The iShares S&P 500 ETF (ASX: IVV) is probably one of the most versatile investments on the ASX. Here’s why I think it has a place in most portfolios.
The IVV ETF
The iShares S&P 500 ETF (ASX: IVV) is an exchange traded fund (or ETF for short) that invests in the 500 largest US-listed companies.
The IVV ETF listed on the ASX in 2007 and is today by far the largest US-focused ASX ETF, with net assets (the amount invested) of over $8 billion.
It’s easy to see why it’s popular.
The IVV ETF gives you exposure to all the US giants like Apple Inc (NASDAQ: AAPL), Microsoft Corp (NASDAQ: MSFT) and Tesla Inc (NASDAQ: TSLA). The 0.04% per year management fee is also one of the lowest you’ll get from an ASX ETF.
And, unlike rivals such as the Vanguard U.S. Total Market Shares Index ETF (ASX: VTS), the IVV ETF is domiciled in Australia meaning there’s no need to complete a US tax form.
Why I think it fits in most portfolios
So, here’s why I think the IVV ETF deserves a spot in most portfolios.
First, it overcomes home bias. Home bias refers to the natural tendency for an investor to over-invest in their home market. It makes sense, we invest in what we know.
However, if you live in Australia, home bias can really penalise your returns. The Australian share market only accounts for around 2% of global equities markets. Why limit yourself to 2%?
While we think of companies like Woolworths Group Ltd (ASX: WOW) or BHP Group Ltd (ASX: BHP) as huge companies, they’re tiny from a US perspective.
The average market capitalisation of S&P 500 companies right now is around US$92 billion and the median is US$35 billion. There are only about 13 Australian companies that would make it above the median in the US. The point is, Australia is small.
Second, and leading on from the first point, you’re missing out on returns if you’re too focused on Australia. The S&P 500 has outperformed the ASX 200 over almost every time horizon. Historically, it’s consistently been a stronger performer.
While the ASX dishes out more dividends, the S&P 500 usually delivers capital growth.
Third, and again related, the IVV ETF can provide diversification to your portfolio. A big part of the reason that the S&P 500 is capital-growth-focused while the ASX 200 is dividend-focused is because of the dominant sectors.
The ASX 200 is dominated by financial and resource companies that are commodity and interest rate driven and tend to be mature, slow-growing companies. The S&P 500 is dominated by tech, financial, and healthcare companies. The US is known for innovation particularly in these sectors.
So, the IVV ETF can provide potential for higher returns and both country and sector diversification.
These are some of the reasons that IVV is included in all the Rask Invest funds.

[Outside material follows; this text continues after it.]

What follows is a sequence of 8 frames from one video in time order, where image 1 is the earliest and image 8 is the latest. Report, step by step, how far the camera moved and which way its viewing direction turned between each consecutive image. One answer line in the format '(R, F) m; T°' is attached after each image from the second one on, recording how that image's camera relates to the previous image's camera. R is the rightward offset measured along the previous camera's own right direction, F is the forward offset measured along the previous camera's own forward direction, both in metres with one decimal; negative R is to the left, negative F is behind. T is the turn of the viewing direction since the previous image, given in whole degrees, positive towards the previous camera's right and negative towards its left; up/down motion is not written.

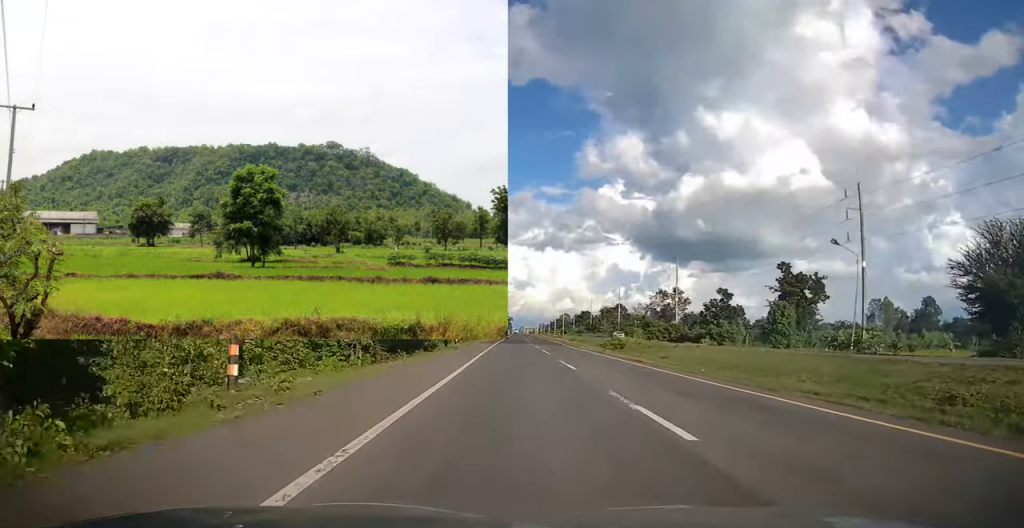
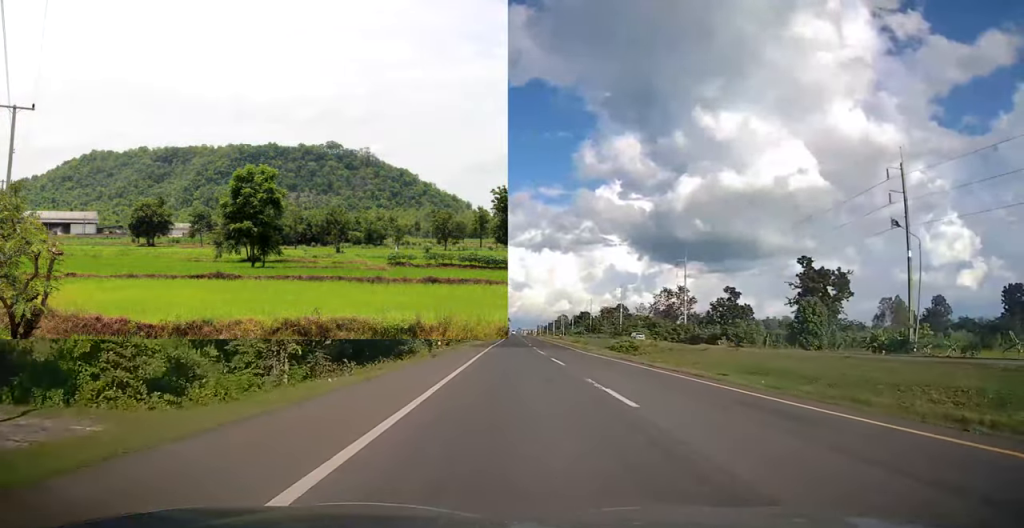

Should IVV be in every portfolio?
No ETF suits everyone. It’s a high risk investment and usually would not be suited to someone with a short investment horizon or a low risk tolerance.
Like the ASX 200, it can be volatile and returns over the short-to-medium term can be low or negative.
It also might not make sense if you’re already invested directly in US companies or in an ETF like the Betashares Nasdaq 100 ETF (ASX: NDQ). Investing in both IVV and NDQ could give you a very tech and US-heavy portfolio and won’t give you the same diversification benefits.